» DATASET RECORDS
———

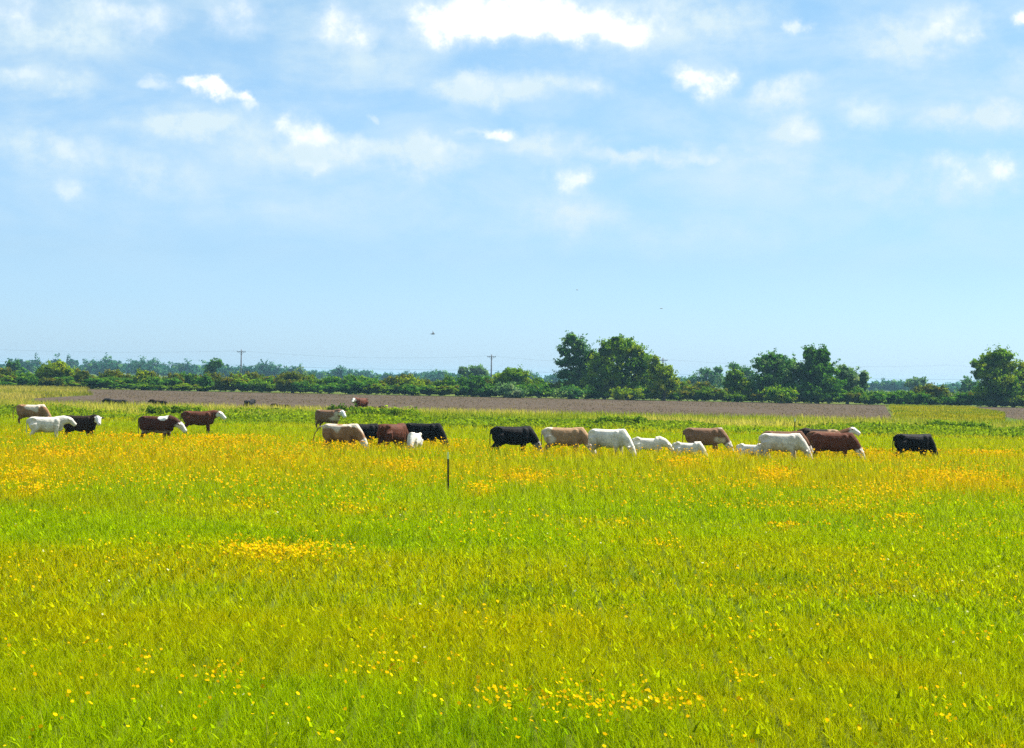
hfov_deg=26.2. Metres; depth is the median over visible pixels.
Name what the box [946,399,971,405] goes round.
bush
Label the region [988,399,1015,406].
bush
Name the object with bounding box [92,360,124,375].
hazy tree
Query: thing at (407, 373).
hazy tree
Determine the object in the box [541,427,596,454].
cow
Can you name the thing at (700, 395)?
bush
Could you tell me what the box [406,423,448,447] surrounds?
cow
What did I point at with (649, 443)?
calf
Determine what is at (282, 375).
bush
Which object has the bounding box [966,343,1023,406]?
broad tree
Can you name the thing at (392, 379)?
bush
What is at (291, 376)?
rounded bush
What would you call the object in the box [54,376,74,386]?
bush
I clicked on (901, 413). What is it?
dry grass
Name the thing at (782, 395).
bush
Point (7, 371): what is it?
bush
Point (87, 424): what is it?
cow
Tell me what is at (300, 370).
hazy tree
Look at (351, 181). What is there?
sky
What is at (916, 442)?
cow
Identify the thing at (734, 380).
tree
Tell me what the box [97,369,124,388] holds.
bush
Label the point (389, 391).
bush
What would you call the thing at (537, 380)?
bush
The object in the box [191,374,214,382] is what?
bush
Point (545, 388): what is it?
bush
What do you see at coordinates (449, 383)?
bush
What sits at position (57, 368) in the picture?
tree
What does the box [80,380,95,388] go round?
bush
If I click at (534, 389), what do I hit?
bush
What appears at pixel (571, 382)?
bush
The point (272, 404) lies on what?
cow
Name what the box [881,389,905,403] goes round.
bush
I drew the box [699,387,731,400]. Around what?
bush
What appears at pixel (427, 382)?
bush
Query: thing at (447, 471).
fence post
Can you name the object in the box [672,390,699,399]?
bush
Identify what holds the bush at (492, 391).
on the ground at (354, 710)
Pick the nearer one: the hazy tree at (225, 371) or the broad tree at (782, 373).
the broad tree at (782, 373)
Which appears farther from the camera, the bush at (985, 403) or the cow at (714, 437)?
the bush at (985, 403)
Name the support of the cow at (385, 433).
on the ground at (354, 710)
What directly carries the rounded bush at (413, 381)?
on the ground at (354, 710)
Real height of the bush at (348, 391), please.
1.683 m
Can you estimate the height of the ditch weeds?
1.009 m
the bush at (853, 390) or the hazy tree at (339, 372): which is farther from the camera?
the hazy tree at (339, 372)
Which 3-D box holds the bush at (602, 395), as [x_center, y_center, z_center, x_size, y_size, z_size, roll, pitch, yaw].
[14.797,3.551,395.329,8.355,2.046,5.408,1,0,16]
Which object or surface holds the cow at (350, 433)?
on the ground at (354, 710)
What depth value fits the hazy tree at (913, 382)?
758.94 m
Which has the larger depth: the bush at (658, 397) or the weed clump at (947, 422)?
the bush at (658, 397)
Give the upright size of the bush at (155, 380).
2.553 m
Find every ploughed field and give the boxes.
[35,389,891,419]
[976,407,1023,419]
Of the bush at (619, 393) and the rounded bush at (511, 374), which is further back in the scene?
the rounded bush at (511, 374)
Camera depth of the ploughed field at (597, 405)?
292.59 m
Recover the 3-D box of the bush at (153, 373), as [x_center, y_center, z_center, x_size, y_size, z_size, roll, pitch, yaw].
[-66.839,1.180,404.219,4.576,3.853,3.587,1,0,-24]
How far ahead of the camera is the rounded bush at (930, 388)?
395.06 m
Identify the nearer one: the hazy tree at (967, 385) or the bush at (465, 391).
the bush at (465, 391)
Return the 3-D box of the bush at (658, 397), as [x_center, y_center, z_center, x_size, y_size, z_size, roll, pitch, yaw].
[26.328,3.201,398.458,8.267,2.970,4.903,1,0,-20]
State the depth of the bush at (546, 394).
396.47 m
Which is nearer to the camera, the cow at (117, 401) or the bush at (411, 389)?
the cow at (117, 401)
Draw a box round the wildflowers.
[0,428,1023,747]
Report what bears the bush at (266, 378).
on the ground at (354, 710)
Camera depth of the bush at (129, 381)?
396.44 m
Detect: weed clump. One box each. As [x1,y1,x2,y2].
[138,403,206,414]
[326,402,369,414]
[346,405,421,415]
[588,415,648,426]
[922,418,993,427]
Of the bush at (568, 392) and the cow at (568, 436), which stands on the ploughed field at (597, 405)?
the bush at (568, 392)
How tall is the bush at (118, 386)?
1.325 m
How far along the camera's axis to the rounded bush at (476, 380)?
395.99 m
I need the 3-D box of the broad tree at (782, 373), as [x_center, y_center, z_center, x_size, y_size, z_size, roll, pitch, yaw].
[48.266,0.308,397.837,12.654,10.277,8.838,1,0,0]
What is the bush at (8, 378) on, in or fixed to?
on the ground at (354, 710)
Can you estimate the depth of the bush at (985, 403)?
393.39 m
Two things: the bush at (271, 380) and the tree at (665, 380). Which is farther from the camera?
the bush at (271, 380)
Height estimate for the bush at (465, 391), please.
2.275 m
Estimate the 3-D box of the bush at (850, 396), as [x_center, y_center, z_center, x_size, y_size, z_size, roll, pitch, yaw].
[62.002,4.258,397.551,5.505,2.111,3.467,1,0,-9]
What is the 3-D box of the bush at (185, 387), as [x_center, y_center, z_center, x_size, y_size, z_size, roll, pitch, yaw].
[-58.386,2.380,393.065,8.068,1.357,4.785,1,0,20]
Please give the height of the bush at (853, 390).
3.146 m
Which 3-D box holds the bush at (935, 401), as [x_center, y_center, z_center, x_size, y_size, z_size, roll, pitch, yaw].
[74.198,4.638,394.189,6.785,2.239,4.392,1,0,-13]
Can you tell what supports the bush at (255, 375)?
on the ground at (354, 710)
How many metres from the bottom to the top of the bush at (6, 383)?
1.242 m
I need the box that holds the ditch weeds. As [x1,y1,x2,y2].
[0,403,1023,437]
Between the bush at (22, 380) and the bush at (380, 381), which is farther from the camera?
the bush at (380, 381)
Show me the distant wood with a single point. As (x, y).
(187, 368)
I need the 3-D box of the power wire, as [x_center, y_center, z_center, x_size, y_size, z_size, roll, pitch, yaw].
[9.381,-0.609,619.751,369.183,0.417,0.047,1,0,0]
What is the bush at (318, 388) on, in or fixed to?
on the ground at (354, 710)
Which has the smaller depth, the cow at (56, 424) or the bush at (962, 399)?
the cow at (56, 424)
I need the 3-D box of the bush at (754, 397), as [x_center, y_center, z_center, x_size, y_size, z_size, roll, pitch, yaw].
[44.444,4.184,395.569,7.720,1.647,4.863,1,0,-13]
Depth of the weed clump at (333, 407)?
175.70 m
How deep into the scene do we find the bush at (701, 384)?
401.12 m
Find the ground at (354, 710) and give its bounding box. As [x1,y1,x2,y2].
[0,372,1023,747]
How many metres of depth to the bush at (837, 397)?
396.26 m
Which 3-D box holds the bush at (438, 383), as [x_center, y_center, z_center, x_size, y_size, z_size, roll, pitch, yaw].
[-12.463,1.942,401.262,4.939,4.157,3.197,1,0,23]
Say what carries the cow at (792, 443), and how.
on the ground at (354, 710)
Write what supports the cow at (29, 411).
on the ground at (354, 710)
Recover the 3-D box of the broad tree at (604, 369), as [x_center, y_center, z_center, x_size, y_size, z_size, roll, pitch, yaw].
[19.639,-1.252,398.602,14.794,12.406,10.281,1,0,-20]
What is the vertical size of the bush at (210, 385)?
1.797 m
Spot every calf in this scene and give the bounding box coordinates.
[404,432,422,449]
[631,436,673,452]
[672,441,705,455]
[736,443,768,457]
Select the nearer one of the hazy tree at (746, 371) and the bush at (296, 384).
the bush at (296, 384)
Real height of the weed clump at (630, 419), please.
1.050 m
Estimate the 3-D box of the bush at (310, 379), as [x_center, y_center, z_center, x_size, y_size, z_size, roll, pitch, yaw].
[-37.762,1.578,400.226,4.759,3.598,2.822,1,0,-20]
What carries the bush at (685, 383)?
on the ground at (354, 710)
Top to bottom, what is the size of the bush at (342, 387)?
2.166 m
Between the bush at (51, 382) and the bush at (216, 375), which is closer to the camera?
the bush at (51, 382)
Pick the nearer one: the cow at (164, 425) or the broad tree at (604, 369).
the cow at (164, 425)
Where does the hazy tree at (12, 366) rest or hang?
on the ground at (354, 710)
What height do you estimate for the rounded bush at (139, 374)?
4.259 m
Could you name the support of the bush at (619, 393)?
on the ploughed field at (597, 405)
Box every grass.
[0,384,1023,430]
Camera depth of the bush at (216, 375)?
404.47 m
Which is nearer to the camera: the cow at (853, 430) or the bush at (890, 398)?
the cow at (853, 430)
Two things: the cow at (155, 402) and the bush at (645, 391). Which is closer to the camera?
the cow at (155, 402)
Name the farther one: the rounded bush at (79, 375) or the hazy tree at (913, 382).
the hazy tree at (913, 382)
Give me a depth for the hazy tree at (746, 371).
639.19 m
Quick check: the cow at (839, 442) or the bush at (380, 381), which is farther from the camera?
the bush at (380, 381)
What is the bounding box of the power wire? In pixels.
[3,361,980,380]
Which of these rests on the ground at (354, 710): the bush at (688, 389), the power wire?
the bush at (688, 389)
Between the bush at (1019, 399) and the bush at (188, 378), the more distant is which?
the bush at (188, 378)
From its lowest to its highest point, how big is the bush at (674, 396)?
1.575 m
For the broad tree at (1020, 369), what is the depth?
399.07 m
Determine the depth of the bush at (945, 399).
393.92 m
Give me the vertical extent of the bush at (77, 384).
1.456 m
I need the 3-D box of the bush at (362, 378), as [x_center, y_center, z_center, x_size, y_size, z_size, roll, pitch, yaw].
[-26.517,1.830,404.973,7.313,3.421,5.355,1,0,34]
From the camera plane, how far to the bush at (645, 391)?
392.80 m
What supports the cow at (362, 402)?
on the ploughed field at (597, 405)
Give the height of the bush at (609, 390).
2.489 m
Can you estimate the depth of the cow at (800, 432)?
94.31 m
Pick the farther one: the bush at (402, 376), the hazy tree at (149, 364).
the hazy tree at (149, 364)
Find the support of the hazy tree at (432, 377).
part of the distant wood
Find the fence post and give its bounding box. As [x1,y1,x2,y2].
[447,452,448,491]
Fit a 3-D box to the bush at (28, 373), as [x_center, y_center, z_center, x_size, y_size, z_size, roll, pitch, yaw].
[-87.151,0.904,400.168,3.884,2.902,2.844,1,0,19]
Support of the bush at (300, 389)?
on the ground at (354, 710)
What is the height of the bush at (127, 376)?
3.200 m
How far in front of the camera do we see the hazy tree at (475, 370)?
638.83 m
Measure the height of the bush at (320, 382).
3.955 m
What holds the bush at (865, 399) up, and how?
on the ground at (354, 710)
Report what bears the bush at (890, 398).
on the ground at (354, 710)
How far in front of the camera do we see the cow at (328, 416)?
128.65 m
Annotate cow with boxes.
[13,404,51,424]
[26,416,76,438]
[62,414,102,437]
[102,398,126,404]
[138,415,186,442]
[148,399,166,405]
[180,410,225,432]
[243,399,255,406]
[270,403,290,407]
[313,424,367,450]
[315,409,345,429]
[352,397,368,407]
[358,423,383,443]
[376,423,408,449]
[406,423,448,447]
[489,426,542,453]
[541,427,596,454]
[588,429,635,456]
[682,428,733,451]
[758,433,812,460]
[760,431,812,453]
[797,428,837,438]
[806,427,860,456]
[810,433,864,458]
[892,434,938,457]
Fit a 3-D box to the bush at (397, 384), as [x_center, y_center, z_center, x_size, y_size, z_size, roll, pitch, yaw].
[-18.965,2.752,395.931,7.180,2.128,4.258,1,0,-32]
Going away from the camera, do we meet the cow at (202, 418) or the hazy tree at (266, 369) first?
the cow at (202, 418)
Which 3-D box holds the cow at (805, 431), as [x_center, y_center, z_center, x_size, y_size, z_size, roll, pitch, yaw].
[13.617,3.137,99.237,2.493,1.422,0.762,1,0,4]
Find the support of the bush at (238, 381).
on the ground at (354, 710)
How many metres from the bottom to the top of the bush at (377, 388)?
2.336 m
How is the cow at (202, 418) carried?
on the ground at (354, 710)
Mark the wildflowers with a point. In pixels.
(308, 544)
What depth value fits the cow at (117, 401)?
198.77 m
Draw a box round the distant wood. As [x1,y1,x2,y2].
[0,352,976,392]
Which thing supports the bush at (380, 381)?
on the ground at (354, 710)
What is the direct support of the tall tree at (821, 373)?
on the ground at (354, 710)
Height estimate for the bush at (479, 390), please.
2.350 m
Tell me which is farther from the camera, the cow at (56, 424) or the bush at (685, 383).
the bush at (685, 383)
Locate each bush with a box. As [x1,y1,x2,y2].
[0,367,15,375]
[0,374,26,385]
[0,381,16,385]
[15,374,38,385]
[25,371,41,386]
[36,377,65,386]
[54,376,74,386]
[62,381,95,388]
[72,370,95,382]
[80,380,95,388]
[84,376,121,388]
[96,379,126,388]
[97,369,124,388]
[108,383,136,389]
[116,373,133,389]
[121,376,143,388]
[130,383,169,390]
[134,368,150,382]
[144,370,160,378]
[144,376,182,388]
[162,372,183,390]
[167,384,202,390]
[179,371,196,384]
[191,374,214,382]
[191,375,209,384]
[194,374,213,391]
[203,371,224,382]
[204,382,231,390]
[212,376,238,389]
[226,371,251,390]
[229,376,254,391]
[235,382,261,391]
[242,371,261,391]
[245,377,275,391]
[250,374,274,390]
[261,388,293,391]
[266,377,275,383]
[273,372,303,392]
[274,378,295,391]
[283,370,309,392]
[290,379,308,392]
[291,384,324,392]
[302,373,317,383]
[305,383,338,393]
[308,372,324,392]
[323,373,359,384]
[324,382,349,393]
[341,388,355,393]
[345,378,379,393]
[349,382,392,393]
[357,375,383,383]
[375,380,391,394]
[382,375,399,394]
[382,383,398,394]
[392,383,420,394]
[395,373,418,394]
[395,383,435,394]
[397,374,425,395]
[419,377,432,385]
[426,384,462,395]
[431,374,454,386]
[441,379,460,393]
[450,373,490,396]
[453,384,470,395]
[462,384,491,395]
[486,384,521,396]
[487,364,531,396]
[490,381,528,397]
[510,382,543,396]
[523,376,548,397]
[525,383,548,397]
[537,387,560,397]
[543,380,569,396]
[549,383,586,398]
[559,377,584,388]
[569,384,596,397]
[582,391,610,398]
[598,385,633,393]
[610,385,647,399]
[636,386,649,399]
[647,387,673,399]
[660,392,681,400]
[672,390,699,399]
[677,386,700,400]
[678,378,692,389]
[689,386,712,400]
[690,381,715,400]
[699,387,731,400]
[723,391,748,401]
[743,393,778,401]
[758,384,798,403]
[790,394,804,402]
[798,387,829,401]
[826,391,849,403]
[833,386,865,401]
[842,392,863,402]
[859,390,877,404]
[860,390,900,403]
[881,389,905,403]
[894,393,916,404]
[903,390,927,404]
[910,386,919,392]
[914,394,943,404]
[915,382,952,404]
[924,392,951,404]
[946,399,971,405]
[955,393,986,405]
[971,400,994,406]
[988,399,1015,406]
[1008,393,1023,406]
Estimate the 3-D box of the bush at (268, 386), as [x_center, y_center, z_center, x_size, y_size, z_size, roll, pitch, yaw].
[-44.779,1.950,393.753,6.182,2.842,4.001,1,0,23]
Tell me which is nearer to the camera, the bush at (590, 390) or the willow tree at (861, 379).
the bush at (590, 390)
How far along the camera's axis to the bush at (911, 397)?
392.32 m
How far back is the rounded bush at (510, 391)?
387.00 m
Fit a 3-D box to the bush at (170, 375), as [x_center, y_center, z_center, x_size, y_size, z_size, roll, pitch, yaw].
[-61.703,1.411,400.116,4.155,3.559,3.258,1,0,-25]
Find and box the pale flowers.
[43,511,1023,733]
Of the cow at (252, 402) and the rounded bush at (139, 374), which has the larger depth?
the rounded bush at (139, 374)
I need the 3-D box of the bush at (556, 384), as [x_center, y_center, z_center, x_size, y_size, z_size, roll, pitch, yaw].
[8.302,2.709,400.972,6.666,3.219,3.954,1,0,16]
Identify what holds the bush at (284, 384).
on the ground at (354, 710)
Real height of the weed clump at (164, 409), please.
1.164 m
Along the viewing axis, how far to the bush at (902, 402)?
396.50 m
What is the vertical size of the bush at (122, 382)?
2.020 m
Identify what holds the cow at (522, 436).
on the ground at (354, 710)
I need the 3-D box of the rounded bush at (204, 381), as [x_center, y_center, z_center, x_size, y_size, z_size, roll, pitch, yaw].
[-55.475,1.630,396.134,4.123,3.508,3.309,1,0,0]
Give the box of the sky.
[0,0,1023,385]
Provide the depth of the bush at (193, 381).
397.05 m
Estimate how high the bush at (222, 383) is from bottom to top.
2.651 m
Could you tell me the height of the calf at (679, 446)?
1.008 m
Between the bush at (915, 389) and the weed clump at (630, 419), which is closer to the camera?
the weed clump at (630, 419)
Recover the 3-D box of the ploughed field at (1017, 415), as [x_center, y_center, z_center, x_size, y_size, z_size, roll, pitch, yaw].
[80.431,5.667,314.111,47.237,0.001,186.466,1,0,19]
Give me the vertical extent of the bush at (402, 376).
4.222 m
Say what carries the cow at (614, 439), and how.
on the ground at (354, 710)
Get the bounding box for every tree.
[5,358,28,373]
[36,359,74,378]
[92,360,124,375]
[128,355,163,374]
[202,358,223,373]
[221,366,239,376]
[253,359,286,377]
[294,364,307,375]
[330,365,346,379]
[396,370,423,378]
[423,371,443,381]
[458,363,489,379]
[552,330,596,398]
[580,333,653,399]
[644,353,680,400]
[683,365,724,387]
[721,367,753,401]
[725,361,756,379]
[750,348,809,402]
[784,343,848,403]
[833,362,871,403]
[904,376,928,390]
[956,375,982,392]
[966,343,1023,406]
[1014,359,1023,395]
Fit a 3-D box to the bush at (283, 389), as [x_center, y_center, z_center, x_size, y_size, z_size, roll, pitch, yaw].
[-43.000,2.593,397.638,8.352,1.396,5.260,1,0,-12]
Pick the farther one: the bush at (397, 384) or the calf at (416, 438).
the bush at (397, 384)
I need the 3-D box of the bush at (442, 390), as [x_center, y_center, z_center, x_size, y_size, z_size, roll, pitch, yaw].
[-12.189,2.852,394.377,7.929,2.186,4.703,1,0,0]
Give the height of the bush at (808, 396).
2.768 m
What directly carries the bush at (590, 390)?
on the ground at (354, 710)
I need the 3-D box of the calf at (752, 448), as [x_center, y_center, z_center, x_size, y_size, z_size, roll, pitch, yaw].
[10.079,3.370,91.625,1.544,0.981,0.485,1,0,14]
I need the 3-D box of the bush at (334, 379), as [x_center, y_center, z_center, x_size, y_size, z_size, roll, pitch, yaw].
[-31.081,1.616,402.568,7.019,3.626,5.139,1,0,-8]
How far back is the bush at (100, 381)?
394.91 m
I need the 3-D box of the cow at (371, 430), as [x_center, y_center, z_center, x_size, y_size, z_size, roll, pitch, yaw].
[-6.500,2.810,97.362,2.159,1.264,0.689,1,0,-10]
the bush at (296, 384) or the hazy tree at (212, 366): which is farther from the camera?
the hazy tree at (212, 366)
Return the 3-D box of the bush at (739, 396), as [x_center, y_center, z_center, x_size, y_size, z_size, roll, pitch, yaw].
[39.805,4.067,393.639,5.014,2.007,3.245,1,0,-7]
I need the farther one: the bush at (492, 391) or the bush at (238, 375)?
the bush at (238, 375)
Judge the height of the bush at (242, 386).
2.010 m
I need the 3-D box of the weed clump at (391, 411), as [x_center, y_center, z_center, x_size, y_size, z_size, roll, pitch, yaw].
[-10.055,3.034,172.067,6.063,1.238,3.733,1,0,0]
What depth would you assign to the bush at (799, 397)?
396.15 m
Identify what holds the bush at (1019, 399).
on the ground at (354, 710)
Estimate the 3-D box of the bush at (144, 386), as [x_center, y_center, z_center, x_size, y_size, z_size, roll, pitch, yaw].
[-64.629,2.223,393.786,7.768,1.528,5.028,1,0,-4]

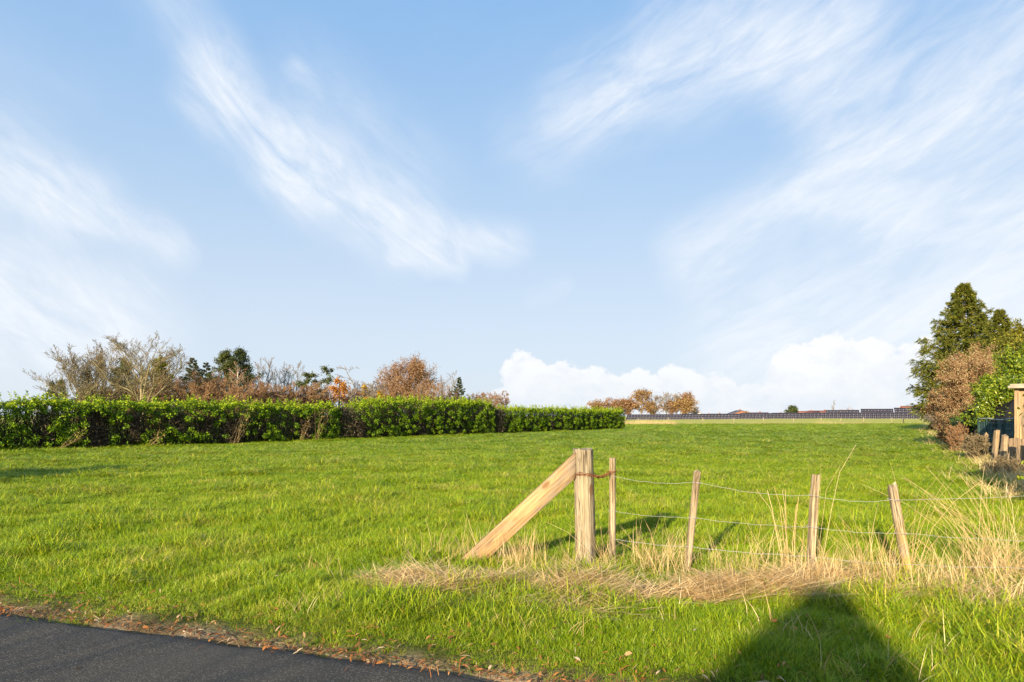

———

» TRY IT
Copy out the lines above exactly, beginning at the one that contains "What do you see at coordinates (449, 383)?" and ending at the one that contains "Give the upright".

» ANSWER BELOW
What do you see at coordinates (449, 383)?
bush
What sits at position (57, 368) in the picture?
tree
What does the box [80,380,95,388] go round?
bush
If I click at (534, 389), what do I hit?
bush
What appears at pixel (571, 382)?
bush
The point (272, 404) lies on what?
cow
Name what the box [881,389,905,403] goes round.
bush
I drew the box [699,387,731,400]. Around what?
bush
What appears at pixel (427, 382)?
bush
Query: thing at (447, 471).
fence post
Can you name the object in the box [672,390,699,399]?
bush
Identify what holds the bush at (492, 391).
on the ground at (354, 710)
Pick the nearer one: the hazy tree at (225, 371) or the broad tree at (782, 373).
the broad tree at (782, 373)
Which appears farther from the camera, the bush at (985, 403) or the cow at (714, 437)?
the bush at (985, 403)
Name the support of the cow at (385, 433).
on the ground at (354, 710)
What directly carries the rounded bush at (413, 381)?
on the ground at (354, 710)
Real height of the bush at (348, 391), please.
1.683 m
Can you estimate the height of the ditch weeds?
1.009 m
the bush at (853, 390) or the hazy tree at (339, 372): which is farther from the camera?
the hazy tree at (339, 372)
Which 3-D box holds the bush at (602, 395), as [x_center, y_center, z_center, x_size, y_size, z_size, roll, pitch, yaw].
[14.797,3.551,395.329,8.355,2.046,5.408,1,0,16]
Which object or surface holds the cow at (350, 433)?
on the ground at (354, 710)
What depth value fits the hazy tree at (913, 382)?
758.94 m
Which has the larger depth: the bush at (658, 397) or the weed clump at (947, 422)?
the bush at (658, 397)
Give the upright size of the bush at (155, 380).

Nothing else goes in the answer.